▸ **Task objective**:
Line by line, print the records exactly as they are, dropping the pictures.

(Data excerpts)
##############################

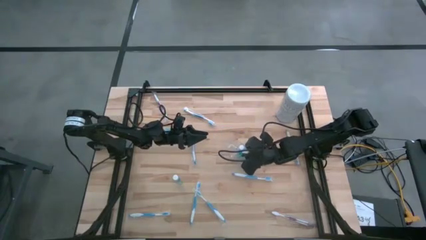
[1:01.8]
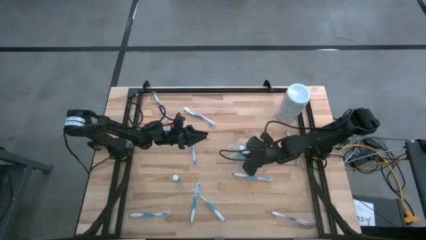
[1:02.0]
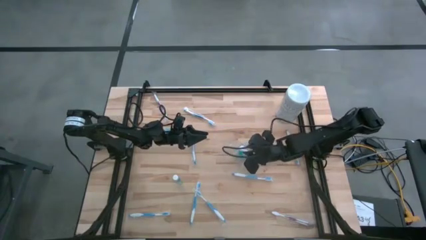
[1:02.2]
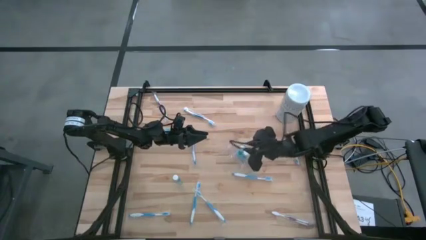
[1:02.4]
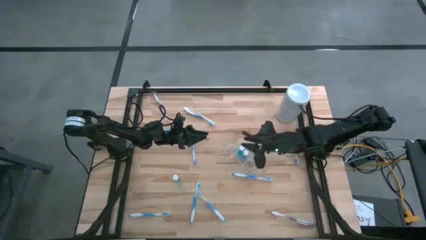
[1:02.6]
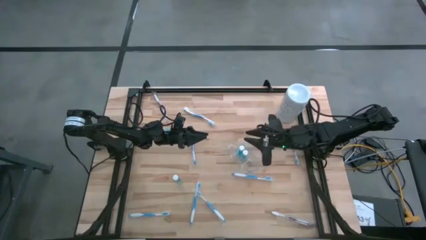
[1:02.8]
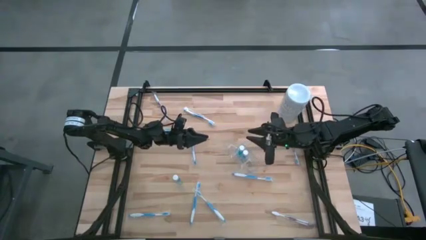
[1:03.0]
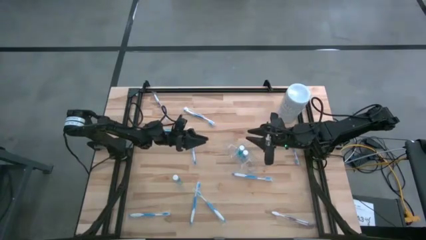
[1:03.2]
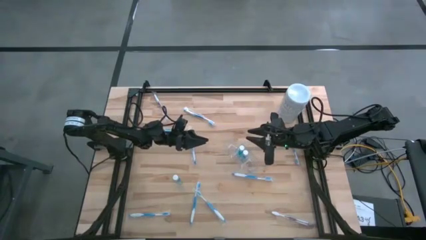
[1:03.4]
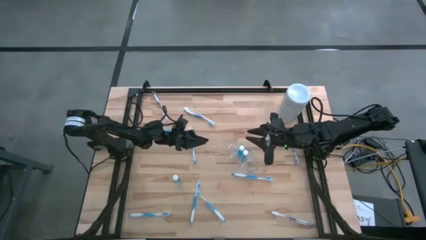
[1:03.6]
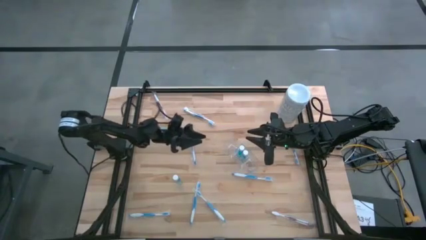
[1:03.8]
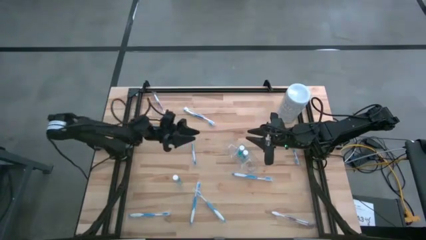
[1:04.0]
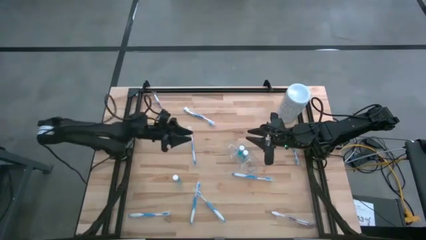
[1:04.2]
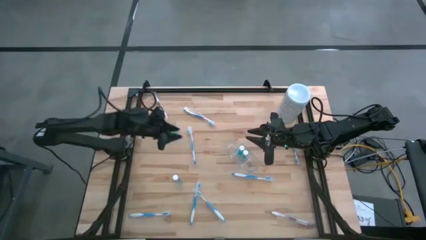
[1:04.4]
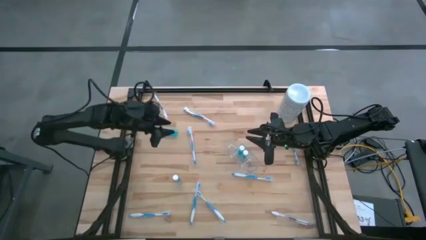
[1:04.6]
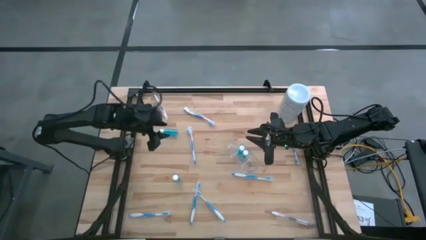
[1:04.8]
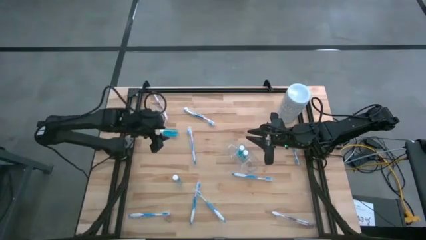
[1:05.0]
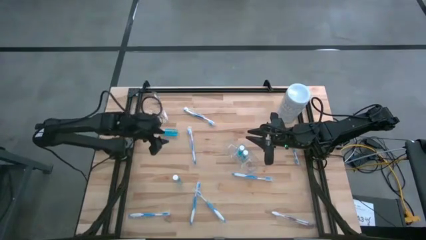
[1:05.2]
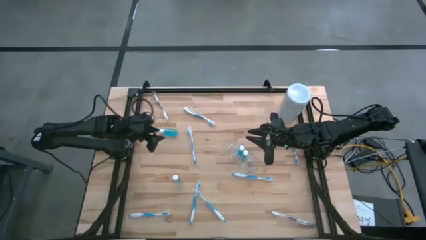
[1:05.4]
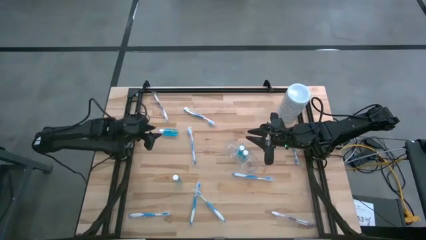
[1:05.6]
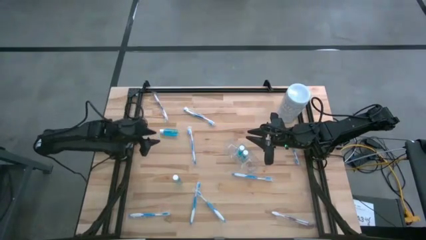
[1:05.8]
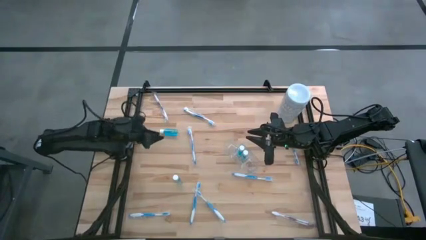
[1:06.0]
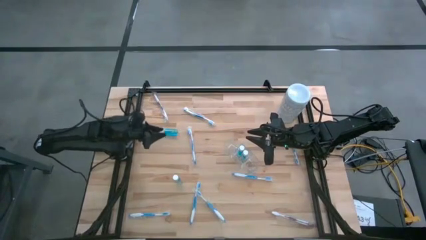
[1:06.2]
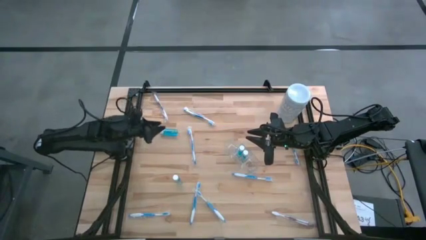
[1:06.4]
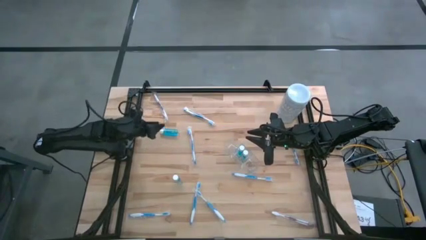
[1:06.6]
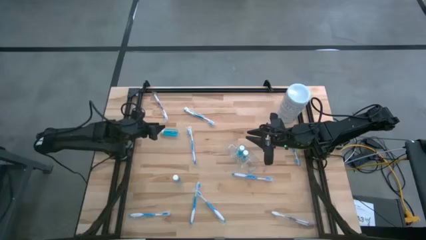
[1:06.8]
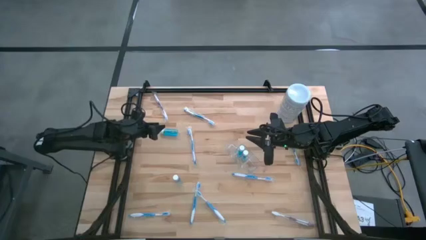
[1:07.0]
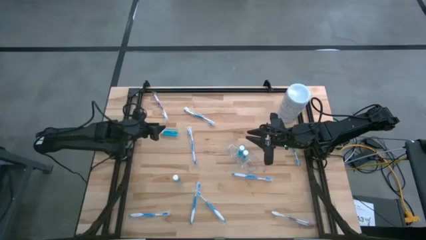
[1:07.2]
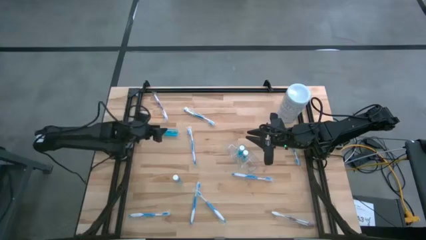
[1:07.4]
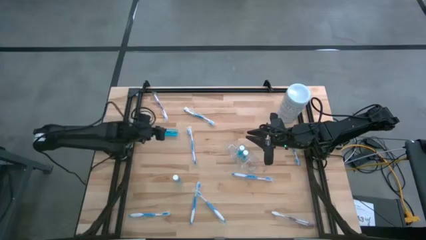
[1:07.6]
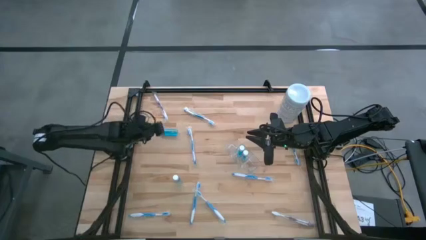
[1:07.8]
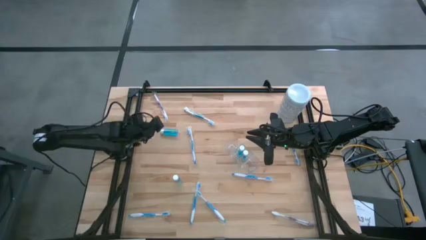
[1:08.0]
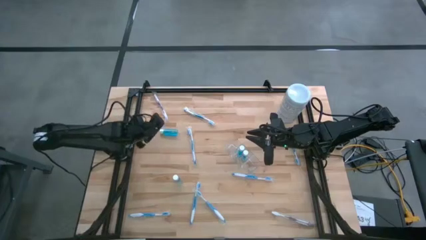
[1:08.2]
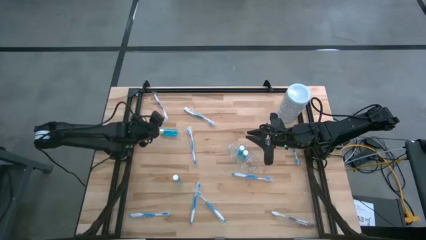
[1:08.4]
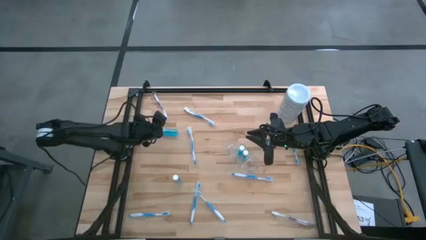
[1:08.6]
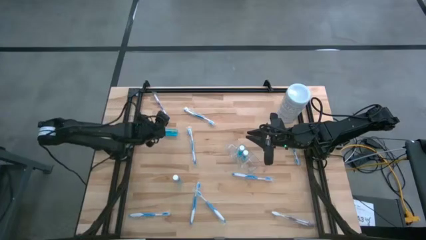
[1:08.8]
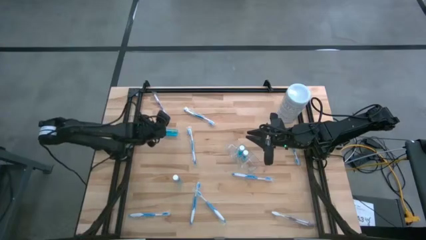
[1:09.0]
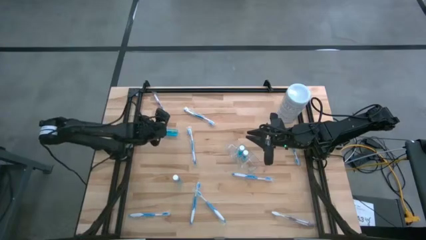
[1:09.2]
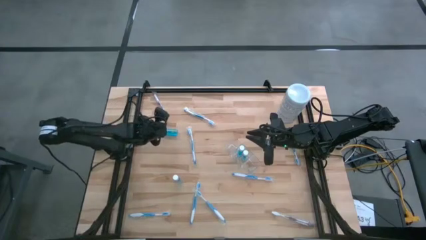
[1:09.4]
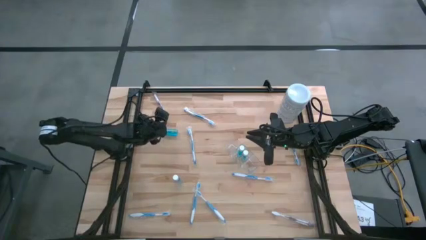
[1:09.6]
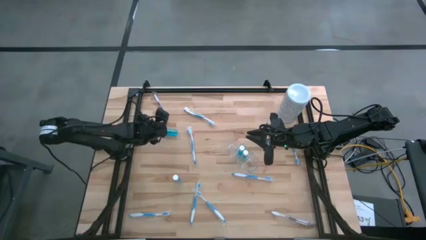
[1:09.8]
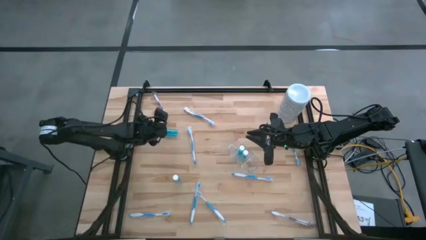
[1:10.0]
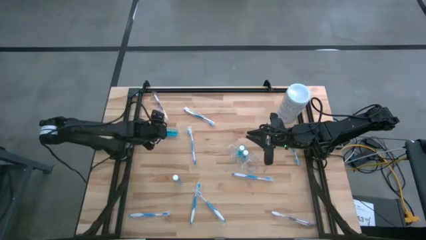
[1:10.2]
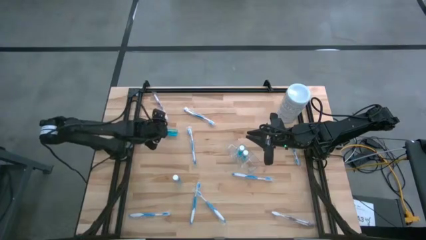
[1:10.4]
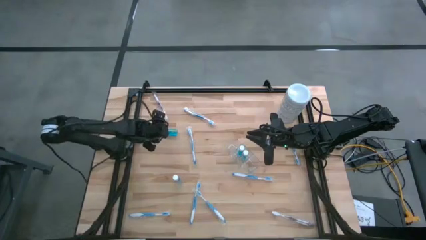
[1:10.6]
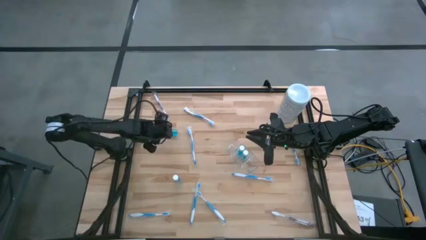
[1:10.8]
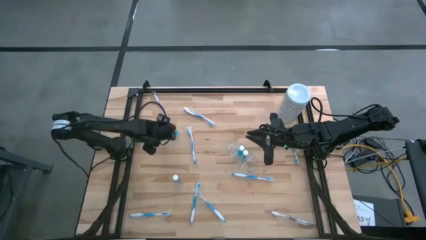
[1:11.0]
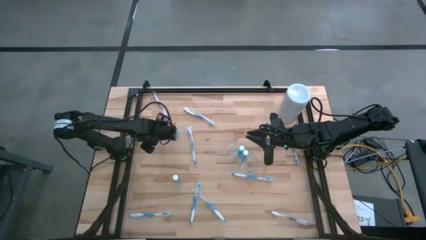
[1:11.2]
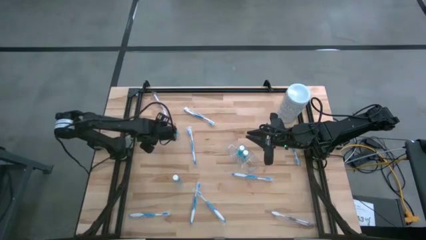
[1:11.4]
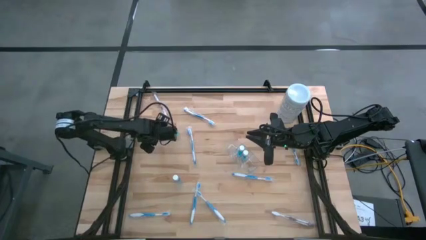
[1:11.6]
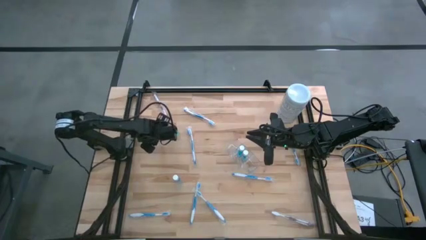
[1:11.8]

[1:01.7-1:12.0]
Task: Pick & Place toothbrushing station
Put the blue mouthwash into the middle section of the transparent organizer

##############################

▸ **Answer below**:
[1:01.8]
[1:02.0]
[1:02.2]
[1:02.4]
[1:02.6]
[1:02.8]
[1:03.0]
[1:03.2]
[1:03.4]
[1:03.6]
[1:03.8]
[1:04.0]
[1:04.2]
[1:04.4]
[1:04.6]
[1:04.8]
[1:05.0]
[1:05.2]
[1:05.4]
[1:05.6]
[1:05.8]
[1:06.0]
[1:06.2]
[1:06.4]
[1:06.6]
[1:06.8]
[1:07.0]
[1:07.2]
[1:07.4]
[1:07.6]
[1:07.8]
[1:08.0]
[1:08.2]
[1:08.4]
[1:08.6]
[1:08.8]
[1:09.0]
[1:09.2]
[1:09.4]
[1:09.6]
[1:09.8]
[1:10.0]
[1:10.2]
[1:10.4]
[1:10.6]
[1:10.8]
[1:11.0]
[1:11.2]
[1:11.4]
[1:11.6]
[1:11.8]

[1:01.7-1:12.0]
Task: Pick & Place toothbrushing station
Put the blue mouthwash into the middle section of the transparent organizer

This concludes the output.